» **WORK TASK**
Extract the full listing verbatim and drop any pictures from your copy.

DATA SUPPLIED Block Start

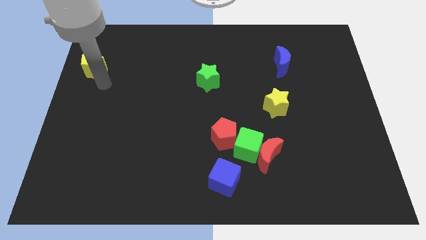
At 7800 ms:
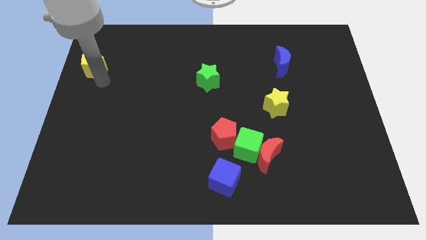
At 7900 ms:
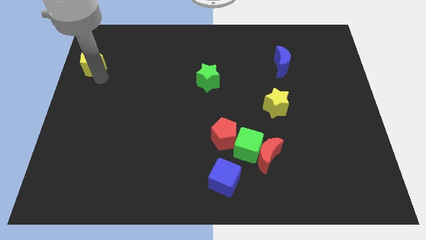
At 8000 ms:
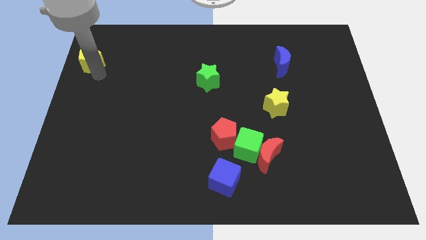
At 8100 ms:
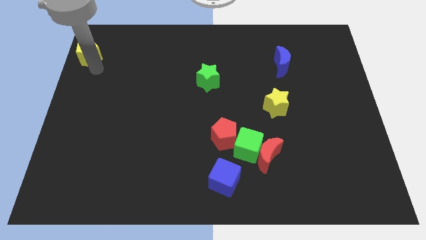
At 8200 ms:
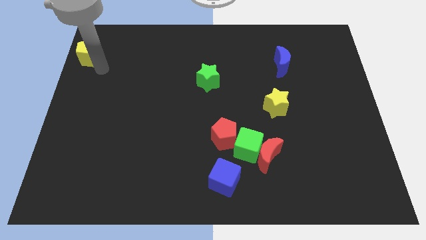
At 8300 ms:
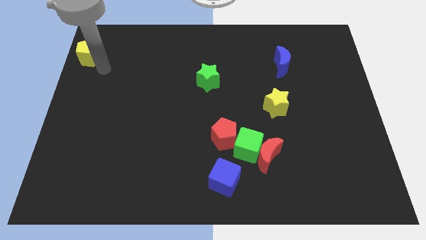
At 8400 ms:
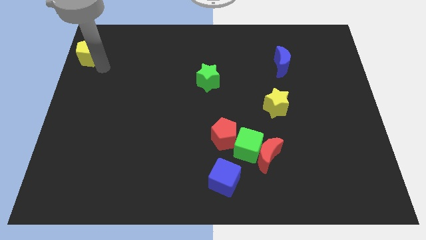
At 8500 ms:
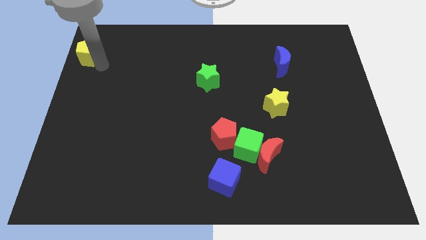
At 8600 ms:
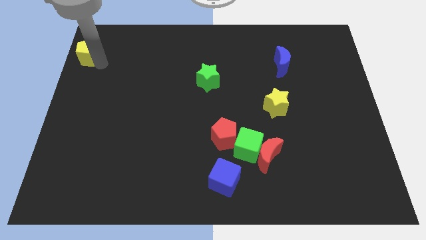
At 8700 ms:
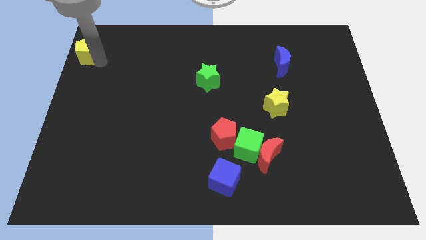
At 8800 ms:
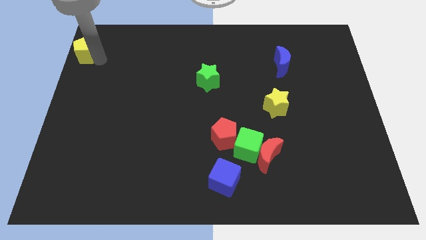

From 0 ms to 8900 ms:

DATA SUPPLIED Block End

» **WRITTEN REPLY**
At 7800 ms:
At 7900 ms:
At 8000 ms:
At 8100 ms:
At 8200 ms:
At 8300 ms:
At 8400 ms:
At 8500 ms:
At 8600 ms:
At 8700 ms:
At 8800 ms:

From 0 ms to 8900 ms:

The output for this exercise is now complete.